And third, one needs insight to know which of the first two is actually in play. Is something changeable, or is it beyond my control? The answer requires wisdom.

Some time ago I latched on to the Serenity Prayer as a tool for daily reflection. I began repeating it many times during the day, especially when I faced issues that were affecting my emotions and attitudes.

The Prayer has provoked me into wondering how often I waste time and energy trying to manage things that are beyond my grasp. To do this is to invite frustration, stress, even anger to flood my inner being.

This state of agitation is easy to observe in a small child who, lacking wisdom, throws a temper tantrum because he cannot get what he wants. He may scream, lash out at others, even breaks things. One frequently observes adult versions of this behavior that are just a bit more subtle and sophisticated: irritability, blaming, defensiveness, criticism of others, manipulation.

In such moments of immature behavior, the Serenity Prayer can become quite relevant.
Herein lies one of the reasons the incarnate Jesus appeals to me so powerfully. He is such a quiet, orderly, and patient person in the face of adversity. His "serenity" originates with what he completely controls: the affairs of his own heart. When the people of his hometown turn again him, he disengages without a word. In a Galilean storm, he chooses to rest his eyes. On an early morning while others sleep, he quietly communes with his Heavenly Father. On the cross he forgives hateful people.

In his mysterious divine/human way, the Savior seems in perfect touch with what he must—by choice—accept and what, at the moment, he cannot (or chooses not to) change.

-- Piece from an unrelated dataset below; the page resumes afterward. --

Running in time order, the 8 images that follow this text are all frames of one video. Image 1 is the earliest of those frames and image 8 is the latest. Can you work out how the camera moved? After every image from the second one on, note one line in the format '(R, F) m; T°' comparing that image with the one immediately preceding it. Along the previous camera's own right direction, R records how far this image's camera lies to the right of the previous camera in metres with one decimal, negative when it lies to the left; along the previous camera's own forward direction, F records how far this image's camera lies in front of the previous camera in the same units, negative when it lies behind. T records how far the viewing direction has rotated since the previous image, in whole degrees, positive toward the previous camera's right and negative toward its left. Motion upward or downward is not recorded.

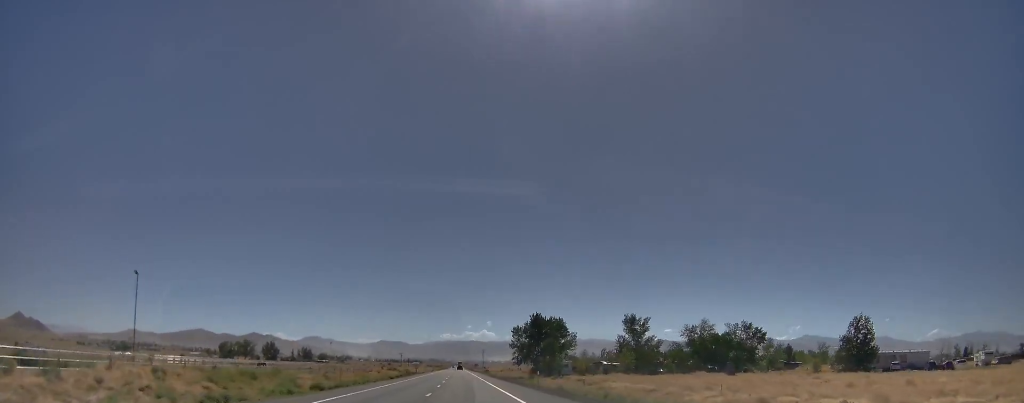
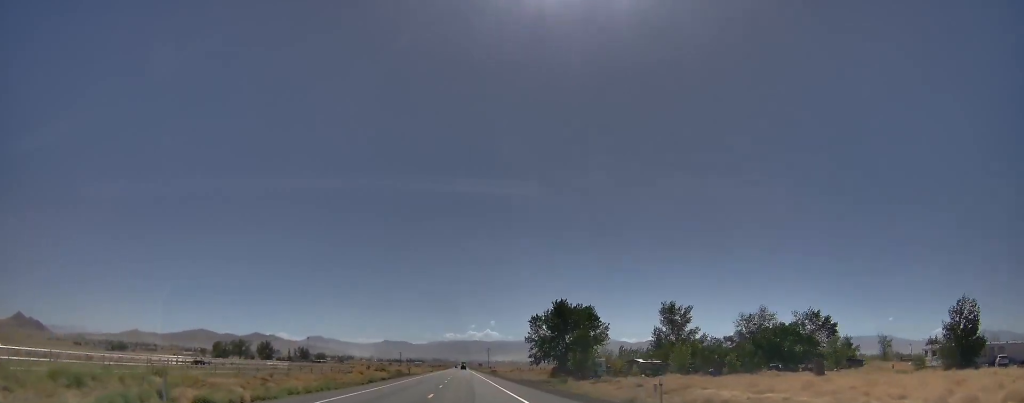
(-0.3, +23.7) m; 0°
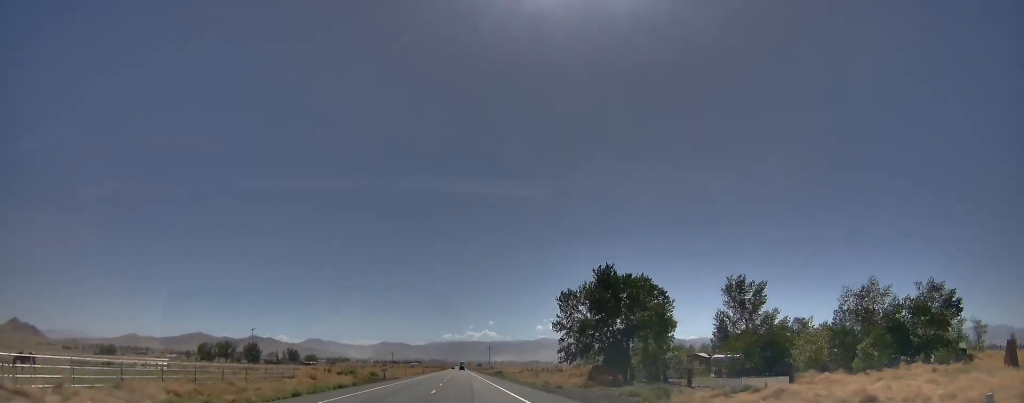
(+0.1, +29.9) m; +1°
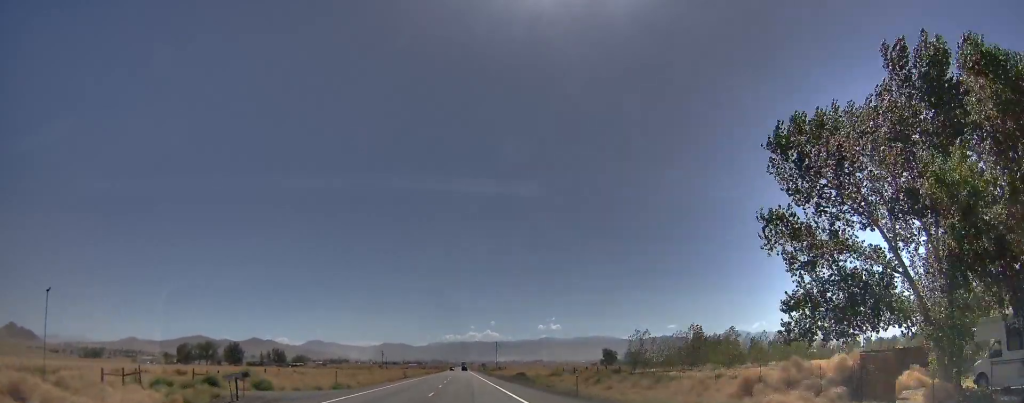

Accepting things I cannot change is about surrender. There come those times where one simply surrenders and adapts to the realities around him. One friend calls this "living around the situation."
On the other hand, there are those things that can be changed, and the list usually begins with the unChristlike attitudes and behaviors that coat one's inner life. As one writer puts it, "Quit talking about changing the world until you've found a way to change yourself."

In my relationships—marriage, family, work colleagues, friends, even "enemies"—the courage to change what is changeable begins with me. My alcoholic friends keep telling me this over and over again. Their disease told them that everyone else needed to change, but now, in sobriety, they've abandoned the blame-game and set out to change themselves.

But the Serenity Prayer also raises the idea of wisdom. How does one know the difference between what is changeable and what is not? "Grant me wisdom," the prayer calls out.

Wisdom comes from learning from my (successful and unsuccessful) experiences, listening to others, and drawing instruction from whatever ways the Spirit of God wishes to whisper into my soul. Somewhere in the triangulation of these three things, wisdom emerges.

The other morning I left our home for a breakfast appointment at a restaurant. It was a beautiful New England day, and I drove down our street feeling confident that my personal world was properly ordered. Nothing was likely to go wrong.

But something did go wrong. There was an accident on the freeway, and I soon discovered that the traffic was backed up for at least a mile. Okay, I thought. I'll just call my breakfast partner and alert him to the delay. But when I reached for my cell phone, I discovered that I'd left it at home.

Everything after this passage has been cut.